(Records from a collection)
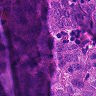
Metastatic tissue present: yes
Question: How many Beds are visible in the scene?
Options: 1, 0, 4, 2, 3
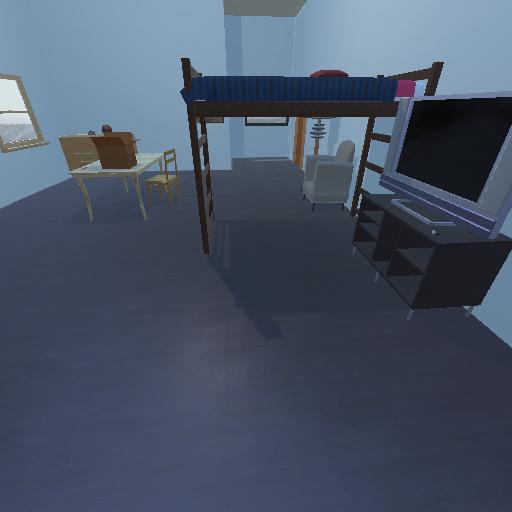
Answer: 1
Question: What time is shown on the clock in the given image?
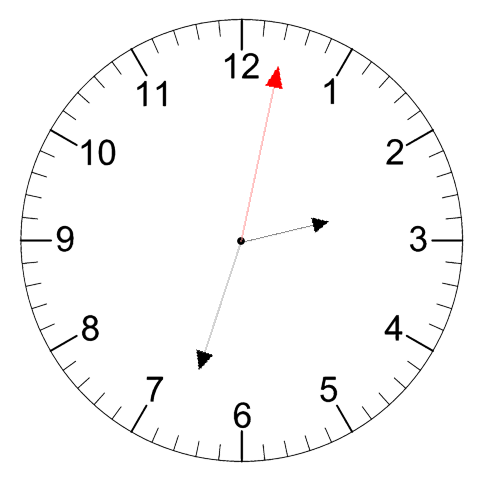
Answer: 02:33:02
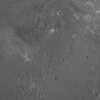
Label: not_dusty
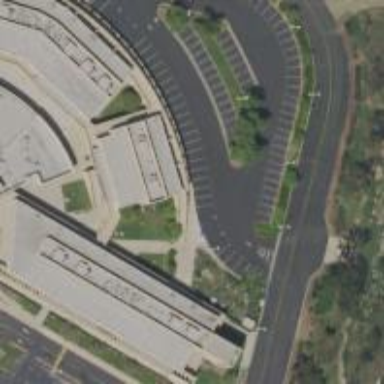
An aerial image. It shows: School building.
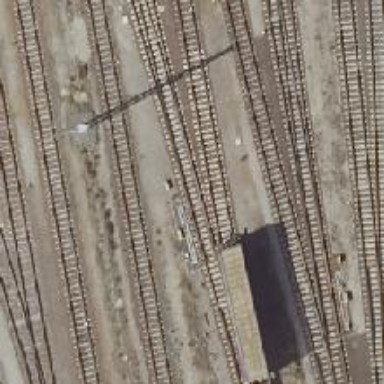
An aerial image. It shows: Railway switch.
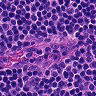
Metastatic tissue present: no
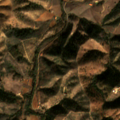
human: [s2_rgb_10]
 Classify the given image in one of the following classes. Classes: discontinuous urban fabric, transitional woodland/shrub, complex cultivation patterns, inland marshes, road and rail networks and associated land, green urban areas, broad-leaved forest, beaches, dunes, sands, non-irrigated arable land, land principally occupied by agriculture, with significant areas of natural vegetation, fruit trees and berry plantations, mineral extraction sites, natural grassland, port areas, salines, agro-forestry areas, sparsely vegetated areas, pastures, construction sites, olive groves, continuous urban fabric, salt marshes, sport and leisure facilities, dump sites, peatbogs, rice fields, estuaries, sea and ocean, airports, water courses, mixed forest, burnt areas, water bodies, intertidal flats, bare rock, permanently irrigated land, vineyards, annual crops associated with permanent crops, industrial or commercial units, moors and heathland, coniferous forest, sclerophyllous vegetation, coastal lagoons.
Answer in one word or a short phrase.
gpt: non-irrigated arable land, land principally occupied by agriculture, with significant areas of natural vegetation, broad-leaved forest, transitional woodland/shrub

__YOUR INSTRUCTIONS__. In the data above, find the line with "Question: How many" and the line with "Answer in one word or a short phrase.". Please copy exactly those two lines and every line between them, but not the pictures.

__SOLUTION FOR THIS TASK__.
Question: How many Beds are visible in the scene?
Options: 1, 0, 4, 2, 3
Answer: 1
Question: What time is shown on the clock in the given image?
Answer: 02:33:02
Label: not_dusty
An aerial image. It shows: School building.
An aerial image. It shows: Railway switch.
Metastatic tissue present: no
human: [s2_rgb_10]
 Classify the given image in one of the following classes. Classes: discontinuous urban fabric, transitional woodland/shrub, complex cultivation patterns, inland marshes, road and rail networks and associated land, green urban areas, broad-leaved forest, beaches, dunes, sands, non-irrigated arable land, land principally occupied by agriculture, with significant areas of natural vegetation, fruit trees and berry plantations, mineral extraction sites, natural grassland, port areas, salines, agro-forestry areas, sparsely vegetated areas, pastures, construction sites, olive groves, continuous urban fabric, salt marshes, sport and leisure facilities, dump sites, peatbogs, rice fields, estuaries, sea and ocean, airports, water courses, mixed forest, burnt areas, water bodies, intertidal flats, bare rock, permanently irrigated land, vineyards, annual crops associated with permanent crops, industrial or commercial units, moors and heathland, coniferous forest, sclerophyllous vegetation, coastal lagoons.
Answer in one word or a short phrase.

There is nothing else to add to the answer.